Время утекало, а мы ещё даже не в храме. А что будет, если Богиня не скажет, где она. А если скажет, но мы не успеем прийти на помощь? Все эти мысли роились в голове не только у меня, но, наверное, у всех. Нет, они не делали нас ближе, чуть сближало только осознание того, что мы все в данной ситуации виноваты.
До храма оставалась пара дней пути, но от беспокойства мы не могли ни есть, ни пить. Мы без устали гнали вардов и всё равно чувствовали, что не успеваем.
Неожиданно на дорогу перед нами опустился белый ирлинг (не знал, что они белыми бывают).
Ирлинги охраняли Разрушенный храм, и по велению Богини никто, кроме них, не мог подойти к осквернённому алтарю, но у нас не было выбора. Мы должны туда попасть. Ирлинги очень сильные и хитрые, даже один воин смертельно опасен. Мы приготовились драться. Он посмотрел на нас с холодностью и опустил крылья, а в его руках оказалась Юля!
Жена была без сознания.
– Жене нужна ваша энергия. Нужно, чтобы вы касались её, – с холодным презрением сказал крылатый и передал малышку Шайшу.
Мы, как оголодавшие, добравшие до небесного нектара, ластились к нашей девочке. Она слегка порозовела, но спала. И вот миг, которого мы так ждали и так боялись: жена открыла свои прекрасные глаза. Она не удивилась, в глазах нашей всегда нежной девочки был арктический лед.
– Где Ададжи? – холодно спросила малышка.
Ирлинг? Зачем он ей? Нам надо поговорить, а единственное что интересует нашу жену, где крылатый? Мы мучительно думали, с чего начать наш разговор и как объяснить, что мы раскаиваемся. Но на лице Юли отражались эмоции, которых мы никогда не видели: злость, досада, презрение. Стало как-то жутко.
– Я ещё раз спрашиваю: где Ададжи? – голос нашей малышки мог заморозить огненную бездну.

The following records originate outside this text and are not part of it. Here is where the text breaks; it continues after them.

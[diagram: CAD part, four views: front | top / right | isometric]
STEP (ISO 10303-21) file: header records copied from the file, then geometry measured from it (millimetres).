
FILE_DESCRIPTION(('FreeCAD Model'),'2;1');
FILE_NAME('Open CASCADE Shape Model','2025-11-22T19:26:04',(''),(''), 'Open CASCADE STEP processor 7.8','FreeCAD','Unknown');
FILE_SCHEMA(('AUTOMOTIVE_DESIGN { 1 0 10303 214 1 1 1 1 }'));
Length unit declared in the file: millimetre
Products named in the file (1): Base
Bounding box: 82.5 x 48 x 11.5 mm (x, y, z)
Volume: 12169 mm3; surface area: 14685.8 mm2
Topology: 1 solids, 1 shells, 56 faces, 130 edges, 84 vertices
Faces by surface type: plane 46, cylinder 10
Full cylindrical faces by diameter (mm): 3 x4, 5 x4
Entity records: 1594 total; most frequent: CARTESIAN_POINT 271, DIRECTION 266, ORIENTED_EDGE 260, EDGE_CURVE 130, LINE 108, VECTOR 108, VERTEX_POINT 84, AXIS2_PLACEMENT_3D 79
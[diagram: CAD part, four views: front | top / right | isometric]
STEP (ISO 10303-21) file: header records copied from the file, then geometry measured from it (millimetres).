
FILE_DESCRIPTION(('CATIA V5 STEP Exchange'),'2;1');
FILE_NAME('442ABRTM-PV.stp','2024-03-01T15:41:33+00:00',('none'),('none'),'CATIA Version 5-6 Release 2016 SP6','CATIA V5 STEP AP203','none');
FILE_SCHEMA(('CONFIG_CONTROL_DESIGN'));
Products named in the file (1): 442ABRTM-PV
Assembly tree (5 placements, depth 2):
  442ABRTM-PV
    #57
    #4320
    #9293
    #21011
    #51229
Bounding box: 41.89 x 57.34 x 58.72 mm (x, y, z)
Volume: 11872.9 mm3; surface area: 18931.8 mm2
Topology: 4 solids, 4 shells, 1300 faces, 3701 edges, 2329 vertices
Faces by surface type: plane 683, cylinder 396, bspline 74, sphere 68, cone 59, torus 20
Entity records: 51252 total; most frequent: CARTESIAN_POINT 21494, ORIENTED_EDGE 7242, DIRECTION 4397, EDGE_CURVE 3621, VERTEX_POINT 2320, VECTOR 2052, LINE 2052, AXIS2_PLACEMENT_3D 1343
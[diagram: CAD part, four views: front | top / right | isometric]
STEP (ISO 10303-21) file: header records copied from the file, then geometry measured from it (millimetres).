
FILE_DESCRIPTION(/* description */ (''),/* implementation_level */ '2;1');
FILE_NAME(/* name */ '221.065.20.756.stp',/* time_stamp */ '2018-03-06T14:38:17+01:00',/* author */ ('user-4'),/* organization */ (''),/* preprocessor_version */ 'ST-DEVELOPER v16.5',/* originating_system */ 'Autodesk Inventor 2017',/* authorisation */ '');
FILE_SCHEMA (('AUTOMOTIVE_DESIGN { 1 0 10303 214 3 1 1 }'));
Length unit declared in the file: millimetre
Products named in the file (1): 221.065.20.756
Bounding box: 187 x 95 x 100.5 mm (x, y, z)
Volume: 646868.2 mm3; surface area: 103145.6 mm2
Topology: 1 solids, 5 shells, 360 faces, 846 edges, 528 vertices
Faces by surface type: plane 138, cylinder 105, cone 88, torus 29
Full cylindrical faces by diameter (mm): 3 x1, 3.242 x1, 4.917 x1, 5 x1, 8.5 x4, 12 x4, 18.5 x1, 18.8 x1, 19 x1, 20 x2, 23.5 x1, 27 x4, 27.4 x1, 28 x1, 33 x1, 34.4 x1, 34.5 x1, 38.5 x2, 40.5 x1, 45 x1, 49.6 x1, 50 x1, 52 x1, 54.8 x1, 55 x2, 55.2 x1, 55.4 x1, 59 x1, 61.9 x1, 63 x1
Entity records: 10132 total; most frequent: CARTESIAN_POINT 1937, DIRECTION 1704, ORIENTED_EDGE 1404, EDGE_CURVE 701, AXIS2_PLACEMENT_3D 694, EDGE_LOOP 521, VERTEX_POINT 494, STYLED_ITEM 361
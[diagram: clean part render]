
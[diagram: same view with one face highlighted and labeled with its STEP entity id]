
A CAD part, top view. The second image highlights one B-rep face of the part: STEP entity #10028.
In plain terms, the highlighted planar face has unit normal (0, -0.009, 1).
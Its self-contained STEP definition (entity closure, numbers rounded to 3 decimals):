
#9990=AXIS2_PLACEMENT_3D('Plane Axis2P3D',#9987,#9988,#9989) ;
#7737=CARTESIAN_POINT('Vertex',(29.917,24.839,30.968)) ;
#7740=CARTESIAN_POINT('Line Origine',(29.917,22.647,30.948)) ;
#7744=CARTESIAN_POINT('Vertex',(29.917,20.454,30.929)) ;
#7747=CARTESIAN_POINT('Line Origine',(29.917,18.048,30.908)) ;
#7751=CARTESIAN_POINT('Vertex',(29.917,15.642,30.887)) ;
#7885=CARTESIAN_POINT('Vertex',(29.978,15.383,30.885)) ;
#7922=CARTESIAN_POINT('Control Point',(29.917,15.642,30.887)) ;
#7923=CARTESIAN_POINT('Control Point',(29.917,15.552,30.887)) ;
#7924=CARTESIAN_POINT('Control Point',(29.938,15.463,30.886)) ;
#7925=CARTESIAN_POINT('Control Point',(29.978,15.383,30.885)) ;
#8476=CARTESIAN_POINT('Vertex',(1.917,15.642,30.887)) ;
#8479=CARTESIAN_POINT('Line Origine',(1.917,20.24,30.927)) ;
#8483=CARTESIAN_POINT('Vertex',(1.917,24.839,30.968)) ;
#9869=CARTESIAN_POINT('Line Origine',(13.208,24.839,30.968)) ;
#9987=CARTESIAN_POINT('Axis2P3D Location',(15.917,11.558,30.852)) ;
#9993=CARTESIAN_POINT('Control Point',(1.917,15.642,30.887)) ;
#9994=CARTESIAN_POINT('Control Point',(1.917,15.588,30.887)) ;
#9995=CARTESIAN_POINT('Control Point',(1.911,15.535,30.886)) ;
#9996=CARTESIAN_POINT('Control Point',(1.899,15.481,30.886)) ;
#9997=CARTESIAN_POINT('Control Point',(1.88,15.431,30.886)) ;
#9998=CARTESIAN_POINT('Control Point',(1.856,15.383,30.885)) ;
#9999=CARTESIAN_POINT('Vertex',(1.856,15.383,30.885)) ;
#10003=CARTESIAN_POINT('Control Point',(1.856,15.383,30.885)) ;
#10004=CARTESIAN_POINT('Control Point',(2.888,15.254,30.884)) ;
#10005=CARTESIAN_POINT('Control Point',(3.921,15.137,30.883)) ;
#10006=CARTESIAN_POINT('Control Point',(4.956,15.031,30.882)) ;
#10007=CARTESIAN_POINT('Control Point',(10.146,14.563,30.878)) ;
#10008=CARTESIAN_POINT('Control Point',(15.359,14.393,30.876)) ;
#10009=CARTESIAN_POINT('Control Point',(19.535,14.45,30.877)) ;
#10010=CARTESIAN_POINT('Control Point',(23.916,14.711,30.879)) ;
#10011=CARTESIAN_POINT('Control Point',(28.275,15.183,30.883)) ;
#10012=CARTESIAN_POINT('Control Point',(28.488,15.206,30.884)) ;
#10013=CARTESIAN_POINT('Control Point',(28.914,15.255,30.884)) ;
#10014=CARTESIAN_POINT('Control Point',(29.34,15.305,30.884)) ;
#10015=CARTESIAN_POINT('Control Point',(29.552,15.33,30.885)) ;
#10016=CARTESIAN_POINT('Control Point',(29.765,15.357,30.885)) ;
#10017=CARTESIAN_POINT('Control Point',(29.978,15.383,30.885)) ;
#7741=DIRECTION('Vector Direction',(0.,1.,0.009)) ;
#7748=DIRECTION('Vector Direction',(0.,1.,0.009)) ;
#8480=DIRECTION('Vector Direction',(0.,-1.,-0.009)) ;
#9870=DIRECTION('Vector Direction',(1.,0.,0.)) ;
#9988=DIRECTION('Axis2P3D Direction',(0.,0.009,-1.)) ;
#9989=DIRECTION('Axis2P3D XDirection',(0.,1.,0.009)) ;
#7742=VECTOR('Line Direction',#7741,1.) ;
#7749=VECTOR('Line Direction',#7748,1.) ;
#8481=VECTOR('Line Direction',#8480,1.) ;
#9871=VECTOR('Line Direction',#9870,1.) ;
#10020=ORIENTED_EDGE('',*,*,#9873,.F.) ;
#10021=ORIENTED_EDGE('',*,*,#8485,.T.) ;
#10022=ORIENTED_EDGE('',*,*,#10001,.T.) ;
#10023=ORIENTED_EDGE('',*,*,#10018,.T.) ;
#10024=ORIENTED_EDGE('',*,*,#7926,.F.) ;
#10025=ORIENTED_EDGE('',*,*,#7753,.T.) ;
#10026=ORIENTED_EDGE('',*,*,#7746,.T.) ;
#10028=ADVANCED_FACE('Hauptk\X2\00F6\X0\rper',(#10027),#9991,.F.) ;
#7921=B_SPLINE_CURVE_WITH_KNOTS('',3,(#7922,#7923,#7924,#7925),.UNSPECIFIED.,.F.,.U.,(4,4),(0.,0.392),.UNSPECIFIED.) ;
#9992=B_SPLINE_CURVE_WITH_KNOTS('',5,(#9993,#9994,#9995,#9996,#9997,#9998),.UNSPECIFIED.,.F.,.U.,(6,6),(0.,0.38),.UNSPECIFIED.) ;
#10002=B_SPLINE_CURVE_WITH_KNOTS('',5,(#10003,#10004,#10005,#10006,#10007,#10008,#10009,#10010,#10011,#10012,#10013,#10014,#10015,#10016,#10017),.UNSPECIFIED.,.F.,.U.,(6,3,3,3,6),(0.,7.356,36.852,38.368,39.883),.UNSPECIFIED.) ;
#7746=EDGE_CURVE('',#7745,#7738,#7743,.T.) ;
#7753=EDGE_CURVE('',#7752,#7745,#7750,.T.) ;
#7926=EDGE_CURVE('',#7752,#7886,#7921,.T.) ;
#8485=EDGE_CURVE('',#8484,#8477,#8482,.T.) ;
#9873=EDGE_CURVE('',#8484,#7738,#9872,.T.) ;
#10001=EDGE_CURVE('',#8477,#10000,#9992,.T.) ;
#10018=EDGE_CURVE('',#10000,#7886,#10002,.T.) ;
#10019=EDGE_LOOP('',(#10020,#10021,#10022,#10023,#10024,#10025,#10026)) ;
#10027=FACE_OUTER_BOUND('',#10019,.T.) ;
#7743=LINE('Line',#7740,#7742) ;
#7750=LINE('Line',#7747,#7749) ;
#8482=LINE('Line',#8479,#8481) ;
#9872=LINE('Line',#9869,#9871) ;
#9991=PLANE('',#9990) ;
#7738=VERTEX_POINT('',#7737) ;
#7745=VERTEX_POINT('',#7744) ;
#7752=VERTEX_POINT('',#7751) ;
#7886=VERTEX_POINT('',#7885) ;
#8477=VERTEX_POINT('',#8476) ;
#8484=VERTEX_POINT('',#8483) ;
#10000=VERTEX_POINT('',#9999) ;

– Кто он для тебя? – тихо спросил Ворс. Этот вопрос мучил всех, но момент, конечно, он выбрал самый неподходящий. И тут жена обрушила на нас небо:
– Он для меня всё: он мужчина, которого в вашем проклятом мире я выбрала и полюбила сама. Это я пела ему клятву в Разрушенном храме, я его приняла и для меня он муж, единственный на данный момент любимый муж. А ты для меня – слабак, который вместо того, чтобы пытаться меня полюбить и завоевать по-честному, строил планы по убийству моих детей. И мне всё равно, что клятвы заставляют меня быть рядом с вами. Раз это нужно для того, чтобы нормально жить, вы будете рядом, но вы для меня теперь никто. Предупреждаю только один раз: если кто-то из вас осмелится хоть как-то навредить моему мужу или детям, я наплюю на привязку, и вы пожалеете о том дне, когда я появилась на алтаре. А теперь я последний раз спрашиваю: где Ададжи?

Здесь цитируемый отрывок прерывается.